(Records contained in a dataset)
+-------+
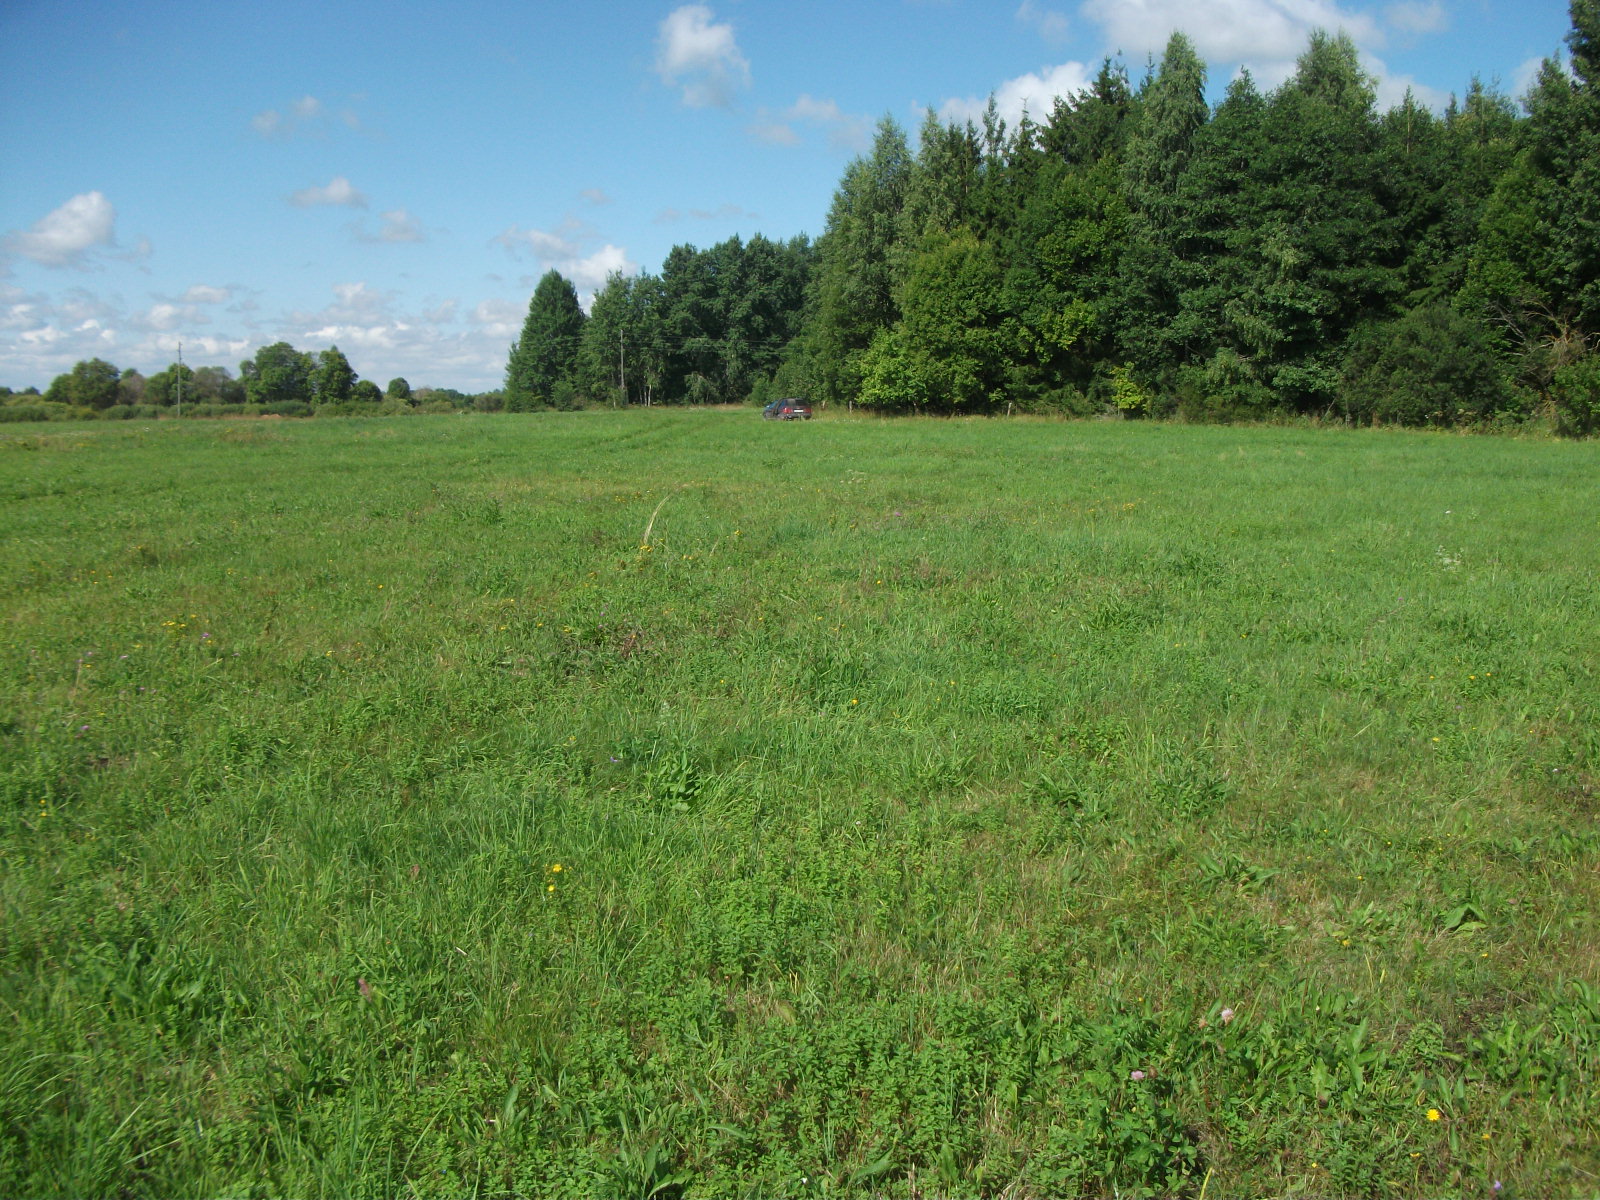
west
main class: Grassland
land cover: Grassland without tree/shrub cover
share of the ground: > 75 %
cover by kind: herbaceous plants 100 %
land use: Agriculture (excluding fallow land and kitchen gardens)
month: August
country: LV
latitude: 56.4443
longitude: 26.4158
+-------+
» What to produce
Starting at the line that contains "share of the ground: > 75 %", write out every line to the end of the entries, exactly as given.

» Reply to the exercise
share of the ground: > 75 %
cover by kind: herbaceous plants 100 %
land use: Agriculture (excluding fallow land and kitchen gardens)
month: August
country: LV
latitude: 56.4443
longitude: 26.4158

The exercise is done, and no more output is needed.